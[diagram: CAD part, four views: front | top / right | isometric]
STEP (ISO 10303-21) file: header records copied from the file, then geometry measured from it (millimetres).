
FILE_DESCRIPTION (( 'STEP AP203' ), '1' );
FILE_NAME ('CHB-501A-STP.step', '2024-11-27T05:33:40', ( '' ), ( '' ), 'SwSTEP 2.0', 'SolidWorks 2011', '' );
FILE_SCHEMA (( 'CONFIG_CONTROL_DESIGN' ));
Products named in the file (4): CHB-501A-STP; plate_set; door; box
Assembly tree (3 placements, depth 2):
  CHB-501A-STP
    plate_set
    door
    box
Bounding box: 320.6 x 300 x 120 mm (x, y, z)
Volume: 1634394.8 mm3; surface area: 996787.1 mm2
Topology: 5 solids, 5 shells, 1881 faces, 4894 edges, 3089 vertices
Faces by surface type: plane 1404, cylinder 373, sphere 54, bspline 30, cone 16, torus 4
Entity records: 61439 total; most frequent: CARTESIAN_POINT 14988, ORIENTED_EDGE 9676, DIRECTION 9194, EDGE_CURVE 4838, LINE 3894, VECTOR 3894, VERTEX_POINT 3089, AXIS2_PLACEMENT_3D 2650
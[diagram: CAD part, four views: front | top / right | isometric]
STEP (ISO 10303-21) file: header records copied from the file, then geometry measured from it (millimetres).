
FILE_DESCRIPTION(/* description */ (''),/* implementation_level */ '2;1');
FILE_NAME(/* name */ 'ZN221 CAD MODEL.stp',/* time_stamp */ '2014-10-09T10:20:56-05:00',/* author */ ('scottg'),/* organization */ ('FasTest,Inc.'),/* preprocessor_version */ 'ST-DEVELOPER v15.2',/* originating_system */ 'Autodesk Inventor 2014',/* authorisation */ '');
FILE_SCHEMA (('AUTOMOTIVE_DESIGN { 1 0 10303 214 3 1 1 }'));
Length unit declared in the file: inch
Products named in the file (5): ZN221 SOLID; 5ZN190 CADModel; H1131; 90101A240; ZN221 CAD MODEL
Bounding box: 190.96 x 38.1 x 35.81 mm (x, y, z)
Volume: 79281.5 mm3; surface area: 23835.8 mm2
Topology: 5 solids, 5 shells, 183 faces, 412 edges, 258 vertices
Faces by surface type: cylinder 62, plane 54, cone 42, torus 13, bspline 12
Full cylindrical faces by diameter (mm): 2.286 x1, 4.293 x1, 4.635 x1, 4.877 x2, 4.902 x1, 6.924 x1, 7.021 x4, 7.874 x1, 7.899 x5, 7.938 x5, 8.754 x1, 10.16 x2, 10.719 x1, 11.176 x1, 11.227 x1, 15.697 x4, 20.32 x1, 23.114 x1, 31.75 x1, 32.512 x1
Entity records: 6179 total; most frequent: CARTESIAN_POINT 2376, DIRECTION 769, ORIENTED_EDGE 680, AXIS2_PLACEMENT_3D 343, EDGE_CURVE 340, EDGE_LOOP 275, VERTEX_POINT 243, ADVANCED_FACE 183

### TASK REQUIREMENTS
All the entries above need to be repeated word for word.

### SOLUTION TO THE EXERCISE
[diagram: CAD part, four views: front | top / right | isometric]
STEP (ISO 10303-21) file: header records copied from the file, then geometry measured from it (millimetres).
FILE_DESCRIPTION (( 'STEP AP203' ), '1' );
FILE_NAME ('CHB-501A-STP.step', '2024-11-27T05:33:40', ( '' ), ( '' ), 'SwSTEP 2.0', 'SolidWorks 2011', '' );
FILE_SCHEMA (( 'CONFIG_CONTROL_DESIGN' ));
Products named in the file (4): CHB-501A-STP; plate_set; door; box
Assembly tree (3 placements, depth 2):
  CHB-501A-STP
    plate_set
    door
    box
Bounding box: 320.6 x 300 x 120 mm (x, y, z)
Volume: 1634394.8 mm3; surface area: 996787.1 mm2
Topology: 5 solids, 5 shells, 1881 faces, 4894 edges, 3089 vertices
Faces by surface type: plane 1404, cylinder 373, sphere 54, bspline 30, cone 16, torus 4
Entity records: 61439 total; most frequent: CARTESIAN_POINT 14988, ORIENTED_EDGE 9676, DIRECTION 9194, EDGE_CURVE 4838, LINE 3894, VECTOR 3894, VERTEX_POINT 3089, AXIS2_PLACEMENT_3D 2650
[diagram: CAD part, four views: front | top / right | isometric]
STEP (ISO 10303-21) file: header records copied from the file, then geometry measured from it (millimetres).
FILE_DESCRIPTION(/* description */ (''),/* implementation_level */ '2;1');
FILE_NAME(/* name */ 'ZN221 CAD MODEL.stp',/* time_stamp */ '2014-10-09T10:20:56-05:00',/* author */ ('scottg'),/* organization */ ('FasTest,Inc.'),/* preprocessor_version */ 'ST-DEVELOPER v15.2',/* originating_system */ 'Autodesk Inventor 2014',/* authorisation */ '');
FILE_SCHEMA (('AUTOMOTIVE_DESIGN { 1 0 10303 214 3 1 1 }'));
Length unit declared in the file: inch
Products named in the file (5): ZN221 SOLID; 5ZN190 CADModel; H1131; 90101A240; ZN221 CAD MODEL
Bounding box: 190.96 x 38.1 x 35.81 mm (x, y, z)
Volume: 79281.5 mm3; surface area: 23835.8 mm2
Topology: 5 solids, 5 shells, 183 faces, 412 edges, 258 vertices
Faces by surface type: cylinder 62, plane 54, cone 42, torus 13, bspline 12
Full cylindrical faces by diameter (mm): 2.286 x1, 4.293 x1, 4.635 x1, 4.877 x2, 4.902 x1, 6.924 x1, 7.021 x4, 7.874 x1, 7.899 x5, 7.938 x5, 8.754 x1, 10.16 x2, 10.719 x1, 11.176 x1, 11.227 x1, 15.697 x4, 20.32 x1, 23.114 x1, 31.75 x1, 32.512 x1
Entity records: 6179 total; most frequent: CARTESIAN_POINT 2376, DIRECTION 769, ORIENTED_EDGE 680, AXIS2_PLACEMENT_3D 343, EDGE_CURVE 340, EDGE_LOOP 275, VERTEX_POINT 243, ADVANCED_FACE 183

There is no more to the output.